◆ **Assigned task**: Character for character, transcribe the entries below, minus the images.

◆ **Input material**:
◇ ◇ ◇ ◇

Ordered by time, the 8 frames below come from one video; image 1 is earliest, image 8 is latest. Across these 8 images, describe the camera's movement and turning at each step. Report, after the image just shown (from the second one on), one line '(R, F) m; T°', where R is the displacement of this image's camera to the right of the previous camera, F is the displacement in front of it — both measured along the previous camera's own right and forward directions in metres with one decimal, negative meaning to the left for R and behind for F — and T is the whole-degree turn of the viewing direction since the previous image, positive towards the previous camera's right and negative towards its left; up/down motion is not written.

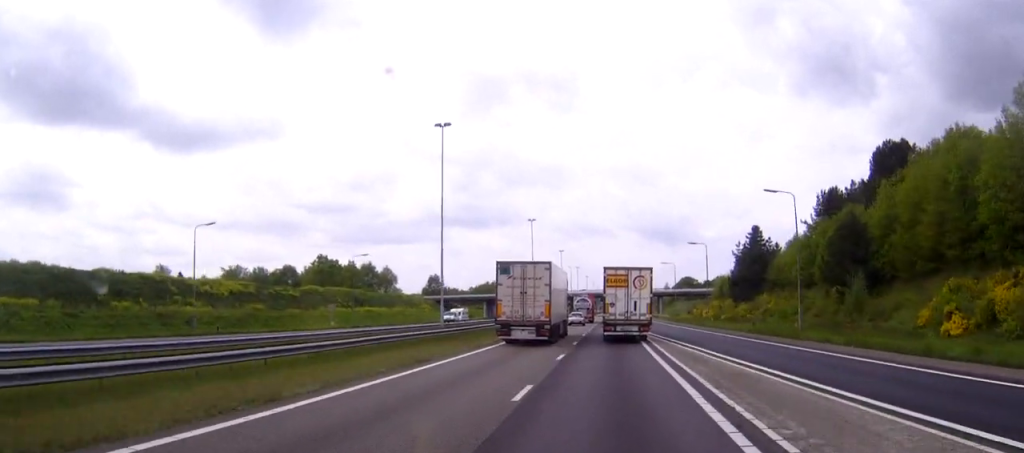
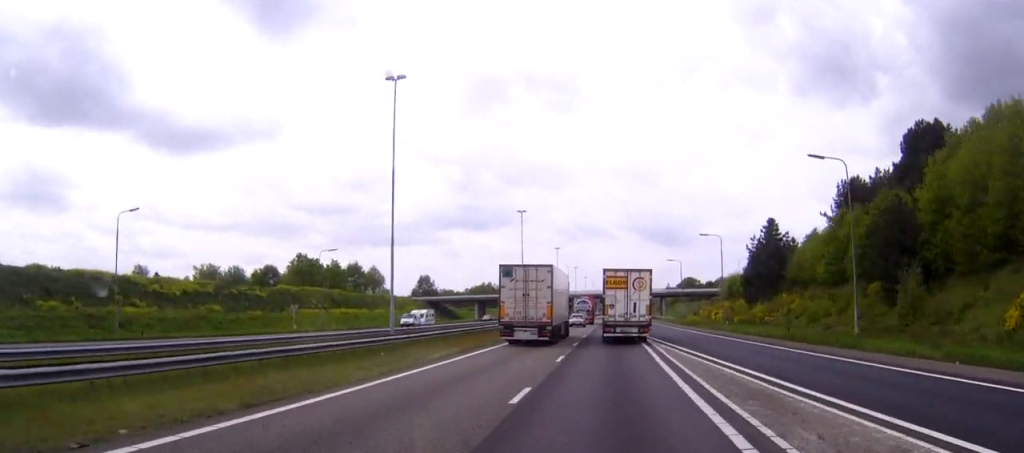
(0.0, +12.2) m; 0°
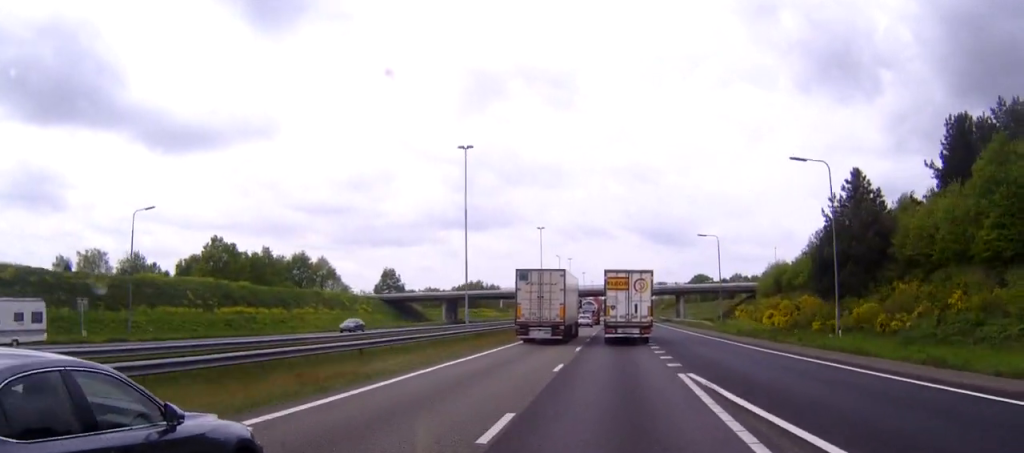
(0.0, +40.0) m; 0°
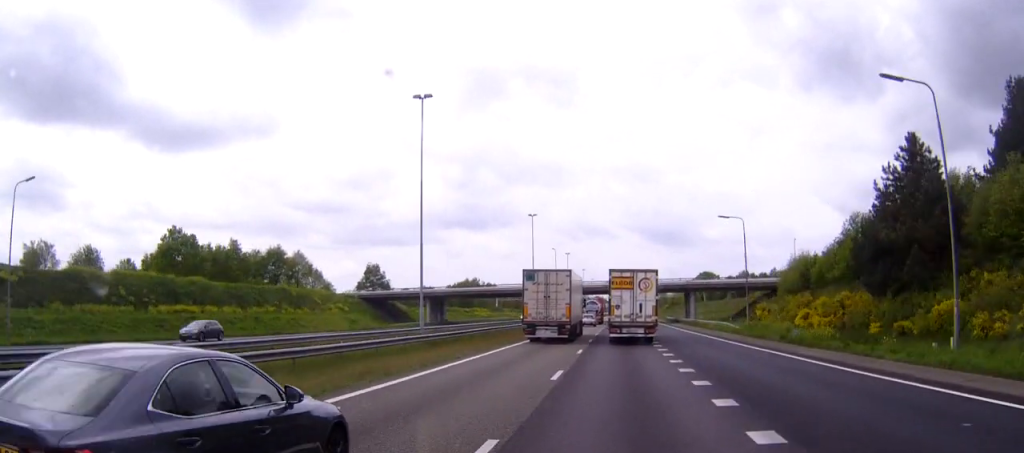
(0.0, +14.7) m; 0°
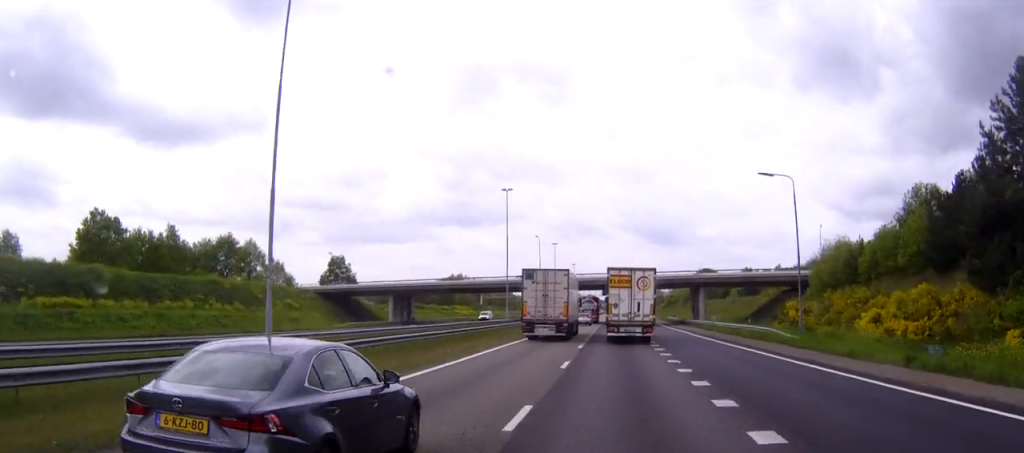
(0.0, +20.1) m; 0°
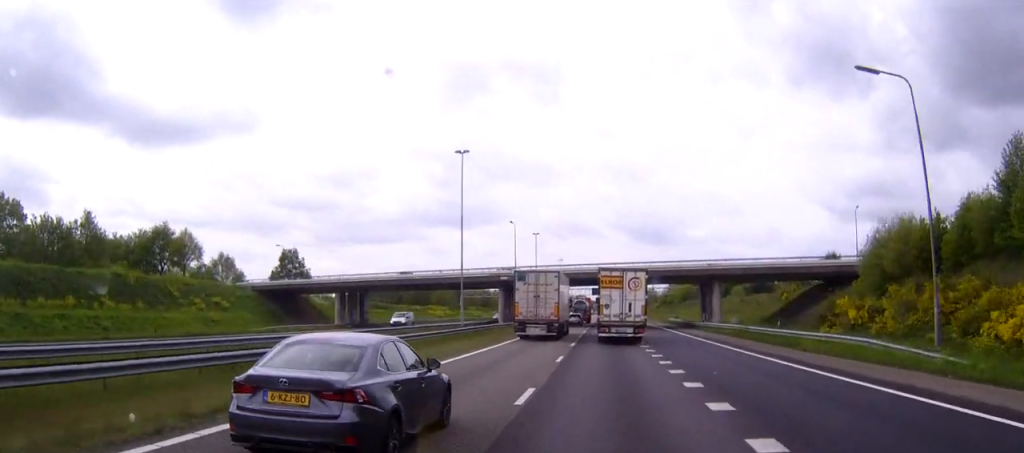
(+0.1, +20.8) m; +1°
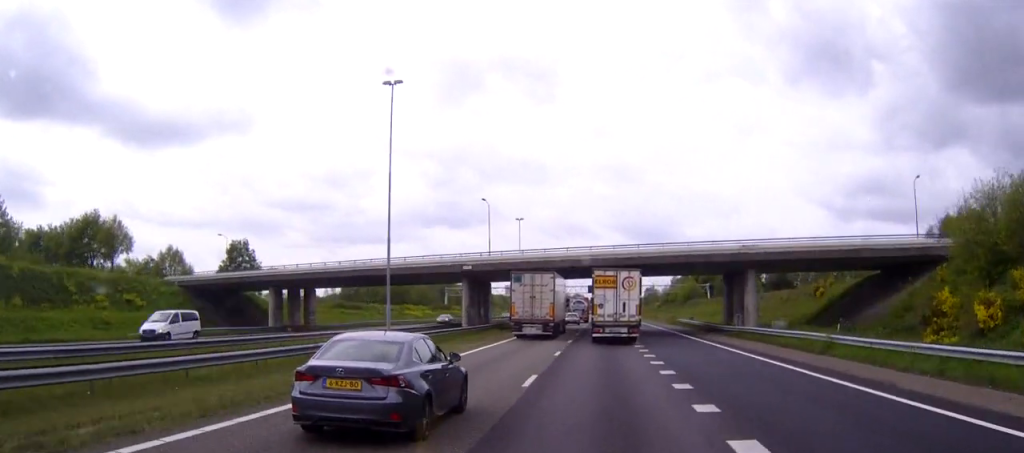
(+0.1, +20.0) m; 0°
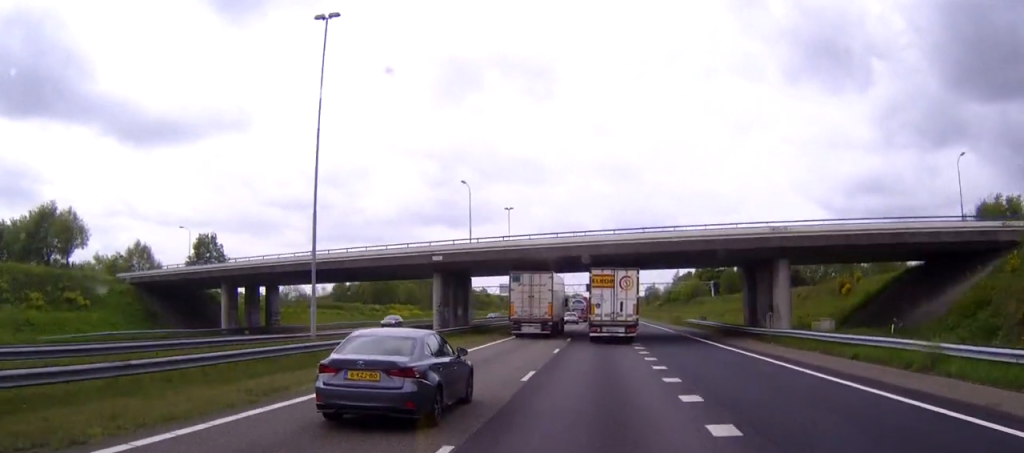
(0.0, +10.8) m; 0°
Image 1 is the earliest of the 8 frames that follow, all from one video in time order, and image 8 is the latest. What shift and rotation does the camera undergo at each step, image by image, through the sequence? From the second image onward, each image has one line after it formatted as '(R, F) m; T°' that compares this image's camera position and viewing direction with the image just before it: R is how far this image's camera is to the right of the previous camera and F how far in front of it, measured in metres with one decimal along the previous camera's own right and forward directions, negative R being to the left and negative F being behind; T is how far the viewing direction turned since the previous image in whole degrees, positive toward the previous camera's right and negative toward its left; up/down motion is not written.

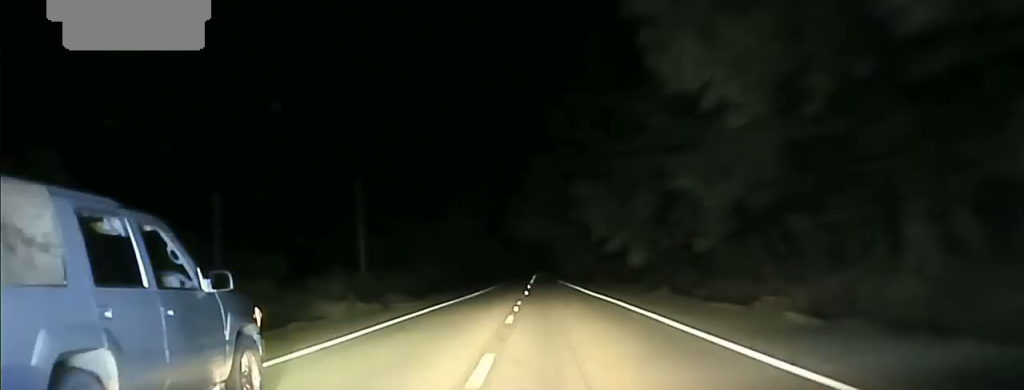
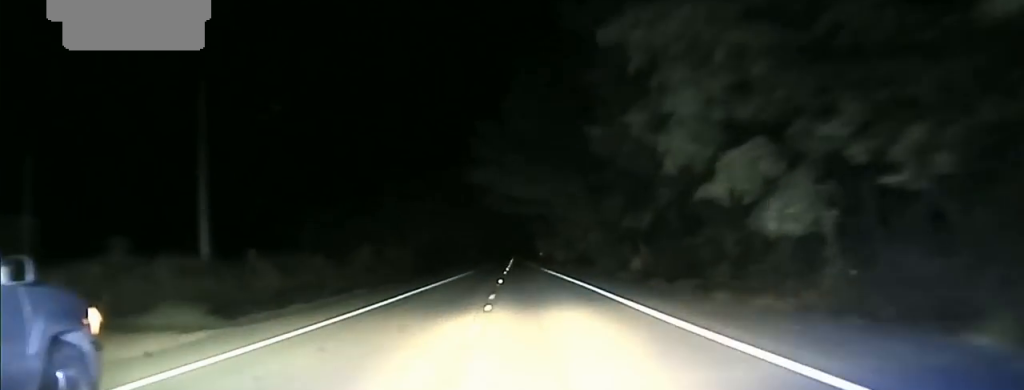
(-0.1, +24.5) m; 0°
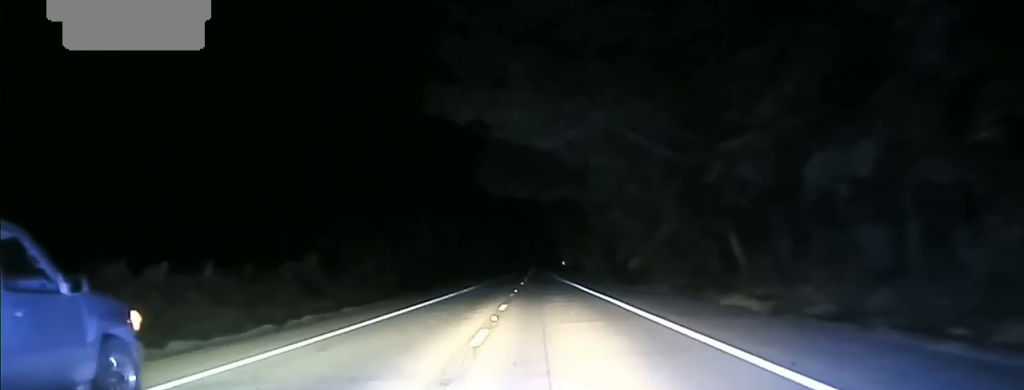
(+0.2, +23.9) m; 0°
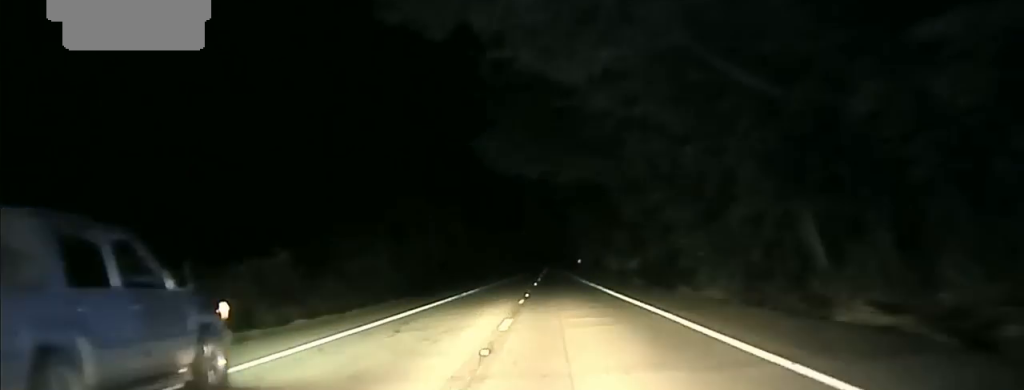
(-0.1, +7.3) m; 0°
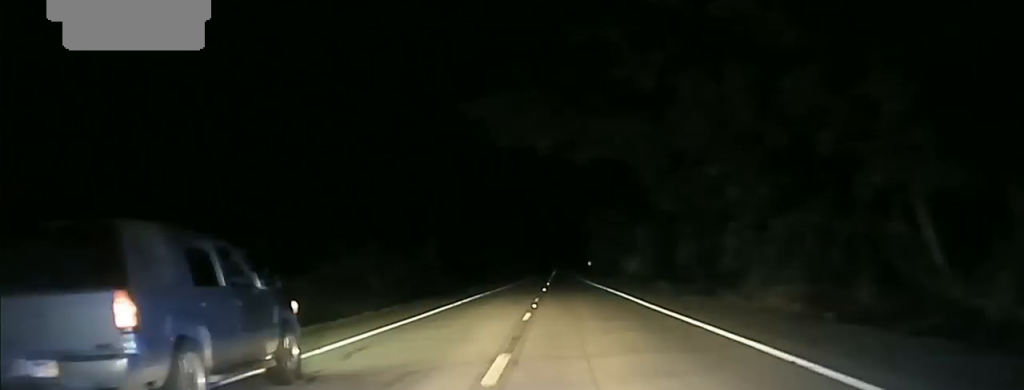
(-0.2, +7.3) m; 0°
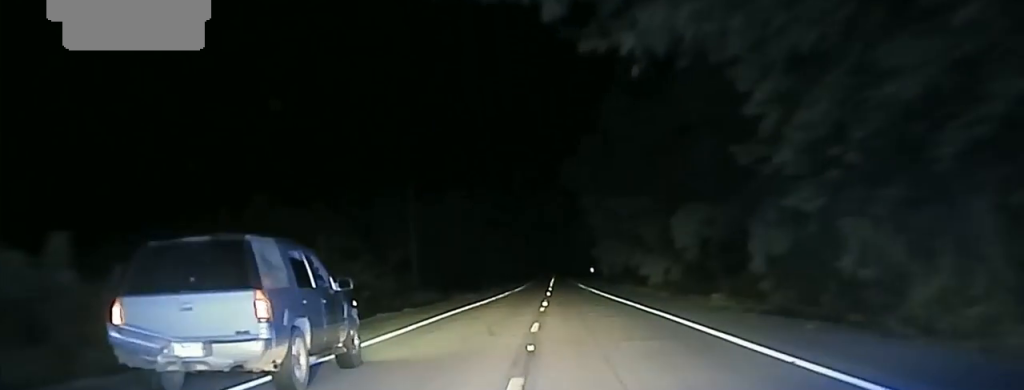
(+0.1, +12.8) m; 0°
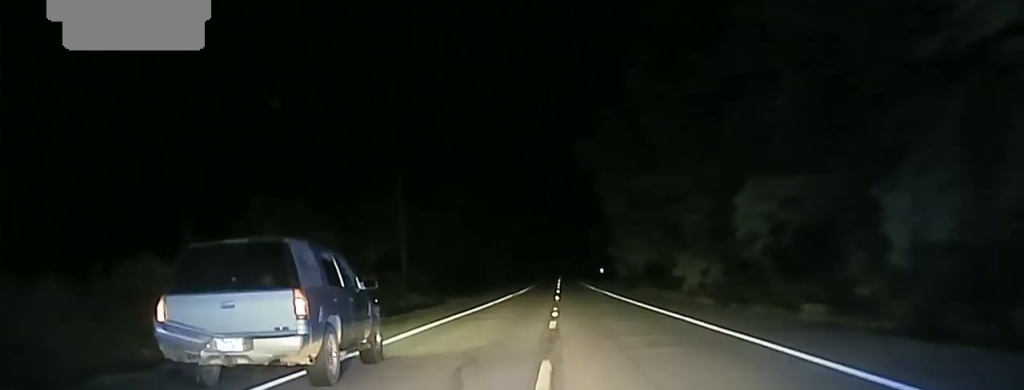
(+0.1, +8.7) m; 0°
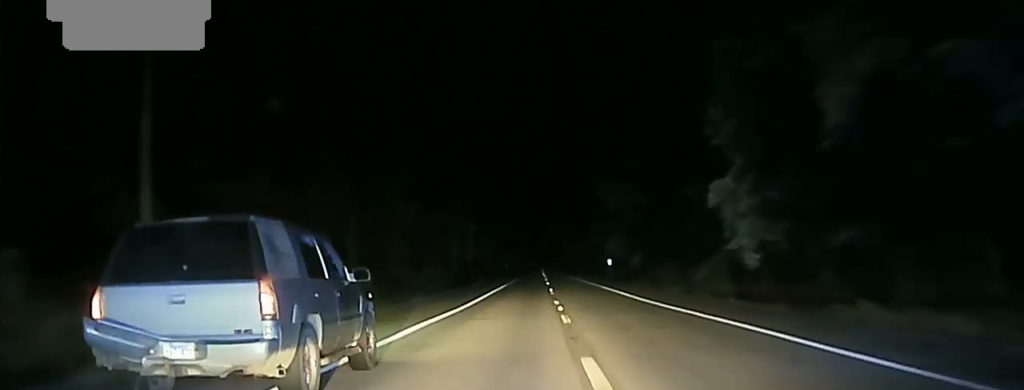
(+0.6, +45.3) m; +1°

◇ ◇ ◇ ◇

◆ **Expected answer**:
Ordered by time, the 8 frames below come from one video; image 1 is earliest, image 8 is latest. Across these 8 images, describe the camera's movement and turning at each step. Report, after the image just shown (from the second one on), one line '(R, F) m; T°', where R is the displacement of this image's camera to the right of the previous camera, F is the displacement in front of it — both measured along the previous camera's own right and forward directions in metres with one decimal, negative meaning to the left for R and behind for F — and T is the whole-degree turn of the viewing direction since the previous image, positive towards the previous camera's right and negative towards its left; up/down motion is not written.

(0.0, +12.2) m; 0°
(0.0, +40.0) m; 0°
(0.0, +14.7) m; 0°
(0.0, +20.1) m; 0°
(+0.1, +20.8) m; +1°
(+0.1, +20.0) m; 0°
(0.0, +10.8) m; 0°
Image 1 is the earliest of the 8 frames that follow, all from one video in time order, and image 8 is the latest. What shift and rotation does the camera undergo at each step, image by image, through the sequence? From the second image onward, each image has one line after it formatted as '(R, F) m; T°' that compares this image's camera position and viewing direction with the image just before it: R is how far this image's camera is to the right of the previous camera and F how far in front of it, measured in metres with one decimal along the previous camera's own right and forward directions, negative R being to the left and negative F being behind; T is how far the viewing direction turned since the previous image in whole degrees, positive toward the previous camera's right and negative toward its left; up/down motion is not written.

(-0.1, +24.5) m; 0°
(+0.2, +23.9) m; 0°
(-0.1, +7.3) m; 0°
(-0.2, +7.3) m; 0°
(+0.1, +12.8) m; 0°
(+0.1, +8.7) m; 0°
(+0.6, +45.3) m; +1°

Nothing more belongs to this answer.